Although we could determine how much Oportun was suing in nine counties, we had no way to know what those lawsuits alleged because most justice courts don’t post actual documents online, including petitions.
In addition to court data, we scrutinized Oportun’s business filings and information the company is required to submit to the Office of Consumer Credit Commissioner, the state agency that regulates lenders. But citing confidentiality, the agency declined an open records request for Oportun’s annual lending activity reports, which would have given us the total number of loans disbursed. (California’s Department of Business Oversight fulfilled a request for similar reports).
The initial findings we saw in Harris and Tarrant county data continued to hold as we obtained court records from other counties. In eight of the nine counties, Oportun Inc. was a top filer of lawsuits during the pandemic. (In Denton County, where Oportun filed comparatively fewer suits, the company has just one retail location.)
All told, Oportun filed more lawsuits than any other personal loan company and was the second-most litigious company overall during the pandemic and the first six months of the year.
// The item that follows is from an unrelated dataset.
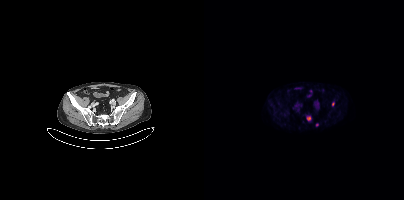
{"modality":"PSMA PET/CT","view":"axial","tracer":"18F-PSMA","pet_grid":[200,200],"coord_frame":"pet_panel","coord_format":"x0,y0,x1,y1","lesion_bboxes":[[103,116,106,120]],"small_foci_centers":[[129,103],[113,124]]}

We presented Oportun with a detailed list of the findings of our analysis. In response, it released a one-paragraph statement that defended its record as a “responsible lender” with a high repayment rate and low number of customer complaints.
However in late July, Oportun CEO Raul Vazquez said in a blog post that the company had become the No. 1 filer of small-dollar debt claims in both Texas and California. In that post, he said the company would drop all pending lawsuits, temporarily suspend the filing of new ones and reduce its current filing rate by more than 60%. (The blog post came after the company discovered that reporters from ProPublica and the Tribune, as well as The Guardian, were investigating its debt collection practices in those states.)
An Oportun spokesman said that several thousand Texas cases would be dismissed as a result. Still, our analysis found that Oportun has filed so many lawsuits in the state that it would remain among the most litigious debt collectors even if it filed 60% fewer debt claims.
Texas Tribune data visuals developer Chris Essig reviewed the code and the analysis.